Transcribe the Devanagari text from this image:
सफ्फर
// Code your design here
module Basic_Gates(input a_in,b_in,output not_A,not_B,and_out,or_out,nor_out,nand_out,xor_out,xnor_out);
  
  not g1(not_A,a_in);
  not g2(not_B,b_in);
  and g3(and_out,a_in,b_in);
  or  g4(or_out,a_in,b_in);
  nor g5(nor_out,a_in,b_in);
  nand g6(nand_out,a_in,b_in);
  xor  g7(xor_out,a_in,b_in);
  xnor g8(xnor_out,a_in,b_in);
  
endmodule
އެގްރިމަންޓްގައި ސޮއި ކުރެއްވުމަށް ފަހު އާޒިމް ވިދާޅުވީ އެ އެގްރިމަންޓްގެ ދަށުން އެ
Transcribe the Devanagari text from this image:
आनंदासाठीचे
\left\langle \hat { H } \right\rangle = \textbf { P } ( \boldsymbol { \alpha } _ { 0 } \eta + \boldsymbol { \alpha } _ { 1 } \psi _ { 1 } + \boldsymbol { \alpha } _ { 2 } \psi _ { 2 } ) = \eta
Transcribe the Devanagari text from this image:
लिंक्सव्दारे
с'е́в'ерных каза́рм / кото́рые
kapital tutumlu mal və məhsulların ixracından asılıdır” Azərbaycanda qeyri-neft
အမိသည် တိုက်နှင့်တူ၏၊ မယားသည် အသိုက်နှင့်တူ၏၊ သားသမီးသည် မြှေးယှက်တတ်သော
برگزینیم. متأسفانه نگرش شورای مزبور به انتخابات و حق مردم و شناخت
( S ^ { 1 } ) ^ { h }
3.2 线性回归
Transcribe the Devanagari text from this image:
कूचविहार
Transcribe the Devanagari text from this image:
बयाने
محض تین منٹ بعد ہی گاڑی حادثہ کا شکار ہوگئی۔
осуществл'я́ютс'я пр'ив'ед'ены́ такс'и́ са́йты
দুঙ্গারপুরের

Work to complete:
Above are the records; set each one down word for word.

Written response:
Transcribe the Devanagari text from this image:
सफ्फर
// Code your design here
module Basic_Gates(input a_in,b_in,output not_A,not_B,and_out,or_out,nor_out,nand_out,xor_out,xnor_out);
  
  not g1(not_A,a_in);
  not g2(not_B,b_in);
  and g3(and_out,a_in,b_in);
  or  g4(or_out,a_in,b_in);
  nor g5(nor_out,a_in,b_in);
  nand g6(nand_out,a_in,b_in);
  xor  g7(xor_out,a_in,b_in);
  xnor g8(xnor_out,a_in,b_in);
  
endmodule
އެގްރިމަންޓްގައި ސޮއި ކުރެއްވުމަށް ފަހު އާޒިމް ވިދާޅުވީ އެ އެގްރިމަންޓްގެ ދަށުން އެ
Transcribe the Devanagari text from this image:
आनंदासाठीचे
\left\langle \hat { H } \right\rangle = \textbf { P } ( \boldsymbol { \alpha } _ { 0 } \eta + \boldsymbol { \alpha } _ { 1 } \psi _ { 1 } + \boldsymbol { \alpha } _ { 2 } \psi _ { 2 } ) = \eta
Transcribe the Devanagari text from this image:
लिंक्सव्दारे
с'е́в'ерных каза́рм / кото́рые
kapital tutumlu mal və məhsulların ixracından asılıdır” Azərbaycanda qeyri-neft
အမိသည် တိုက်နှင့်တူ၏၊ မယားသည် အသိုက်နှင့်တူ၏၊ သားသမီးသည် မြှေးယှက်တတ်သော
برگزینیم. متأسفانه نگرش شورای مزبور به انتخابات و حق مردم و شناخت
( S ^ { 1 } ) ^ { h }
3.2 线性回归
Transcribe the Devanagari text from this image:
कूचविहार
Transcribe the Devanagari text from this image:
बयाने
محض تین منٹ بعد ہی گاڑی حادثہ کا شکار ہوگئی۔
осуществл'я́ютс'я пр'ив'ед'ены́ такс'и́ са́йты
দুঙ্গারপুরের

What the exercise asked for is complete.